Thursday, April 22, 2010

Informal Learning Hits Brick Walls

Informal Learning Hits Brick Walls

There is more than one way to implement informal learning. The approach differs depending on the nature of the organization.


Organizations have plenty of formal structures - brick walls or command and control environments.


It is better to deal with the "formal" requirements of the organization on informal learning. This is a reality for many types of enterprise programs that impacts learning, work and performance.


I agree with Jay Cross and Harold Jarche that we should not box-in or put constraints on informal learning otherwise it does not flourish. At the core of informal learning are freedom, independence and flexibility. Perhaps another way to look at “formalizing” informal learning is
deepening informal learning."


However, there are considerations we need to incorporate and reconcile in our decisions on informal learning:


  1. Do we need some form of structure and formal approach to strategize the implementation of informal learning or do we not?

  2. How do we launch and initiate informal learning? Will everyone suddenly spend time in water coolers to share news? Who sets-up the water coolers to begin with?

  3. Will organizational structure disappear? Hierarchies will persist as predictable as the sun will rise tomorrow. Hence, how do we make the informal learning work, live within these structures and move around, play around, approach problems and deal with issues pertaining to reporting responsibilities?

  4. Will companies continue to pay for the time of employees, informal learning software purchases, and the time of people who lead informal learning? If companies pay for informal learning someone has to justify the costs and organize it.

  5. What do we do with critical corporate assets like legal, marketing, security and confidentiality concerns? They follow rigid rules and policies. Who is accountable for these assets as impacted by informal learning?
Informal learning have great contributions. But it has to be reconciled with formal structures; otherwise, it will hit break walls.

I am concerned that in our earnest desire to promote informal learning as a "dogma", we make informal learning as another form of a "brick wall”; which is a pity.

There are many ways to implement informal learning and each way has to deal with organizational brick walls as opportunities, not constraints.


Ray Jimenez, PhD

3Minute Worlds - Learning Community


Social Learning, Work and Performance


3Minute eLearning Games


"Helping Learners Learn Their Way"

1 comment:

  1. There is no argument that people learn not only in intentionally formal settings. But the only other choice isn't 'informal learning'.

    I believe there are really four sets of choices we have when we think about using learning to solve business problems - and it is important to distinguish between them.

    1) intentionally formal (courses, simulations)
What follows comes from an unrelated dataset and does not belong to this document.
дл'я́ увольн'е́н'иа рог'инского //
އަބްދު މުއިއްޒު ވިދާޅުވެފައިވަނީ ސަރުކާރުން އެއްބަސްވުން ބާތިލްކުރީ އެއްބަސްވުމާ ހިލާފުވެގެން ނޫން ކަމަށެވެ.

    2) unintentionally formal (teams, stretch assignments)

    3) intentionally informal (planned for - blogs, wikis, networks, searches, etc.)

    4) unintentionally informal (unplanned for conversations, etc.)
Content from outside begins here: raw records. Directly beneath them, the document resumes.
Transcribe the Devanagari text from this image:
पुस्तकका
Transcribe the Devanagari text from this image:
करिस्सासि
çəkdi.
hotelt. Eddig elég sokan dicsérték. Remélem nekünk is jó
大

    The problem has been we have polarized the conversation so that it appears one is forced to choose between formal and informal learning. And, when doing so we loose these other more important choices we have.

    And, we also reinforce the mistake of focusing the conversation on the how rather than the more important what and why. Its like building a house by first collecting the two materials you have in hand before you know what type of house your client wants! And, as with a house, the reality is that you need a great variety of materials that each serve a different purpose.

    So, I feel it is time to move this conversation beyond this simplistic either - or of formal - informal and into the more compelling conversation about what can we do today - with the wide range of tools and approaches we have in hand - that we couldn't have done before.